## Assigned task
Print the whole listing again exactly, keeping no pictures in it.

════════════════

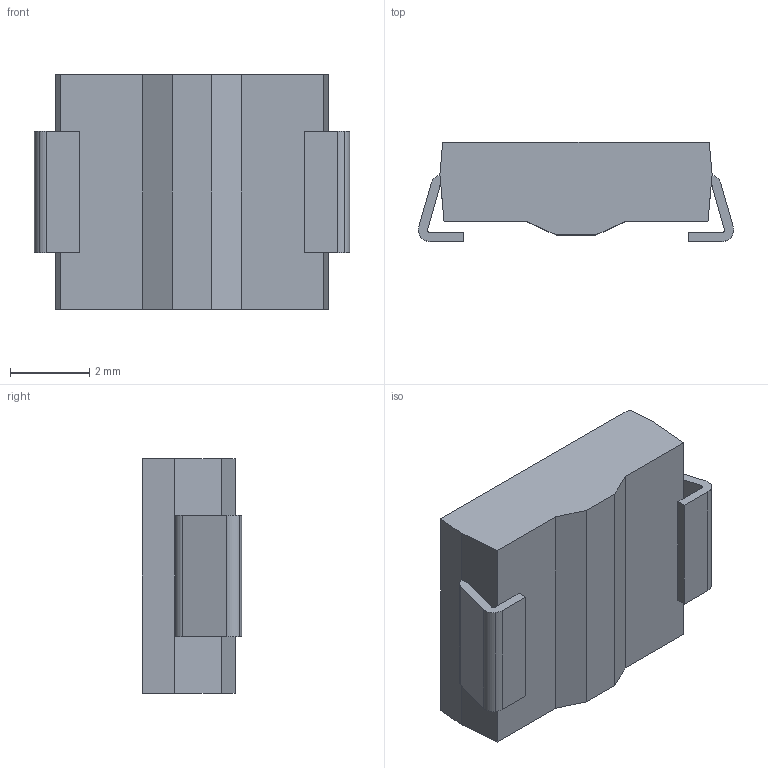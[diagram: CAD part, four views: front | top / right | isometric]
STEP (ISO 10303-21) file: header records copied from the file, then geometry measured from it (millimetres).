
FILE_DESCRIPTION(/* description */ ('Unknown'),/* implementation_level */ '2;1');
FILE_NAME(/* name */ 'DO-214AB_Bidirectional',/* time_stamp */ '2019-01-17T15:44:35+01:00',/* author */ ('Unknown'),/* organization */ ('Unknown'),/* preprocessor_version */ 'ST-DEVELOPER v16.7',/* originating_system */ 'DEX',/* authorisation */ $);
FILE_SCHEMA (('AUTOMOTIVE_DESIGN {1 0 10303 214 3 1 1}'));
Length unit declared in the file: millimetre
Products named in the file (3): DO-214AB_Bidirectional; Body; Pins
Assembly tree (2 placements, depth 2):
  DO-214AB_Bidirectional
    Body
    Pins
Bounding box: 7.94 x 2.5 x 5.91 mm (x, y, z)
Volume: 86.5 mm3; surface area: 253.8 mm2
Topology: 2 solids, 2 shells, 114 faces, 300 edges, 200 vertices
Faces by surface type: plane 86, bspline 16, cylinder 12
Entity records: 4739 total; most frequent: CARTESIAN_POINT 1498, ORIENTED_EDGE 598, DIRECTION 401, EDGE_CURVE 299, VERTEX_POINT 200, LINE 151, VECTOR 151, EDGE_LOOP 127
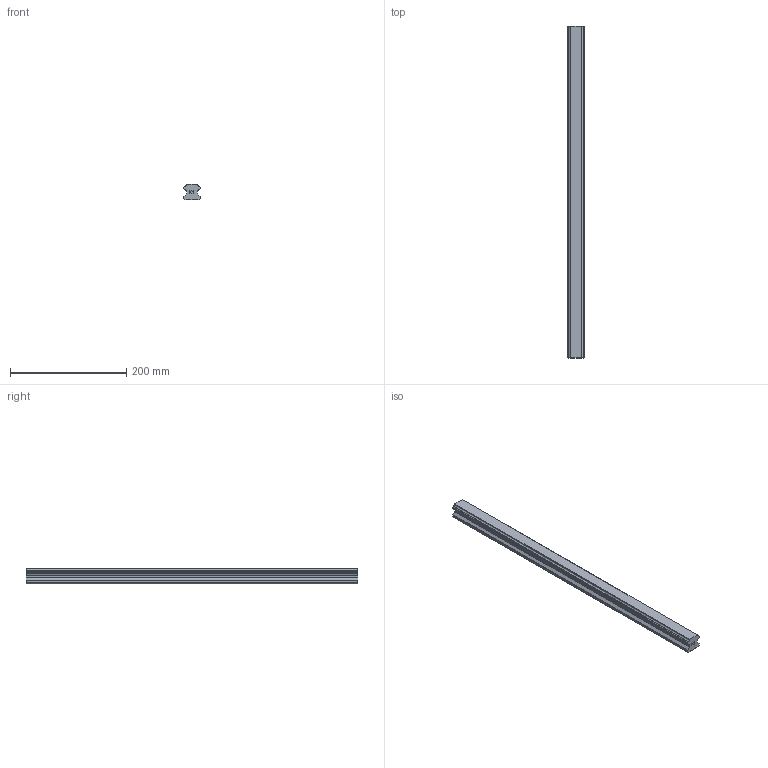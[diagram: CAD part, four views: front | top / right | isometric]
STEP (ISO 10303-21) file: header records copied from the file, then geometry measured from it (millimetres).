
FILE_DESCRIPTION(('STEP AP214'),'1');
FILE_NAME('cctmp_9D6C0E54-570F-4CD2-9F42-3FB6FC63E805_2021_01_27_08_20_20_0163..stp','2021-01-27T07:20:20',('HIWIN GmbH'),('CADClick - www.CADClick.com'),'Spatial InterOp 3D',' ','unknown authorization');
FILE_SCHEMA(('AUTOMOTIVE_DESIGN'));
Length unit declared in the file: millimetre
Products named in the file (1): HGR30T570C_FILE
Bounding box: 28 x 570 x 26 mm (x, y, z)
Volume: 345851.9 mm3; surface area: 66522.4 mm2
Topology: 1 solids, 1 shells, 143 faces, 397 edges, 253 vertices
Faces by surface type: plane 93, cylinder 36, cone 14
Entity records: 5601 total; most frequent: CARTESIAN_POINT 780, ORIENTED_EDGE 766, DIRECTION 743, EDGE_CURVE 383, LINE 311, VECTOR 311, VERTEX_POINT 253, AXIS2_PLACEMENT_3D 216

════════════════

## Response box
[diagram: CAD part, four views: front | top / right | isometric]
STEP (ISO 10303-21) file: header records copied from the file, then geometry measured from it (millimetres).
FILE_DESCRIPTION(/* description */ ('Unknown'),/* implementation_level */ '2;1');
FILE_NAME(/* name */ 'DO-214AB_Bidirectional',/* time_stamp */ '2019-01-17T15:44:35+01:00',/* author */ ('Unknown'),/* organization */ ('Unknown'),/* preprocessor_version */ 'ST-DEVELOPER v16.7',/* originating_system */ 'DEX',/* authorisation */ $);
FILE_SCHEMA (('AUTOMOTIVE_DESIGN {1 0 10303 214 3 1 1}'));
Length unit declared in the file: millimetre
Products named in the file (3): DO-214AB_Bidirectional; Body; Pins
Assembly tree (2 placements, depth 2):
  DO-214AB_Bidirectional
    Body
    Pins
Bounding box: 7.94 x 2.5 x 5.91 mm (x, y, z)
Volume: 86.5 mm3; surface area: 253.8 mm2
Topology: 2 solids, 2 shells, 114 faces, 300 edges, 200 vertices
Faces by surface type: plane 86, bspline 16, cylinder 12
Entity records: 4739 total; most frequent: CARTESIAN_POINT 1498, ORIENTED_EDGE 598, DIRECTION 401, EDGE_CURVE 299, VERTEX_POINT 200, LINE 151, VECTOR 151, EDGE_LOOP 127
[diagram: CAD part, four views: front | top / right | isometric]
STEP (ISO 10303-21) file: header records copied from the file, then geometry measured from it (millimetres).
FILE_DESCRIPTION(('STEP AP214'),'1');
FILE_NAME('cctmp_9D6C0E54-570F-4CD2-9F42-3FB6FC63E805_2021_01_27_08_20_20_0163..stp','2021-01-27T07:20:20',('HIWIN GmbH'),('CADClick - www.CADClick.com'),'Spatial InterOp 3D',' ','unknown authorization');
FILE_SCHEMA(('AUTOMOTIVE_DESIGN'));
Length unit declared in the file: millimetre
Products named in the file (1): HGR30T570C_FILE
Bounding box: 28 x 570 x 26 mm (x, y, z)
Volume: 345851.9 mm3; surface area: 66522.4 mm2
Topology: 1 solids, 1 shells, 143 faces, 397 edges, 253 vertices
Faces by surface type: plane 93, cylinder 36, cone 14
Entity records: 5601 total; most frequent: CARTESIAN_POINT 780, ORIENTED_EDGE 766, DIRECTION 743, EDGE_CURVE 383, LINE 311, VECTOR 311, VERTEX_POINT 253, AXIS2_PLACEMENT_3D 216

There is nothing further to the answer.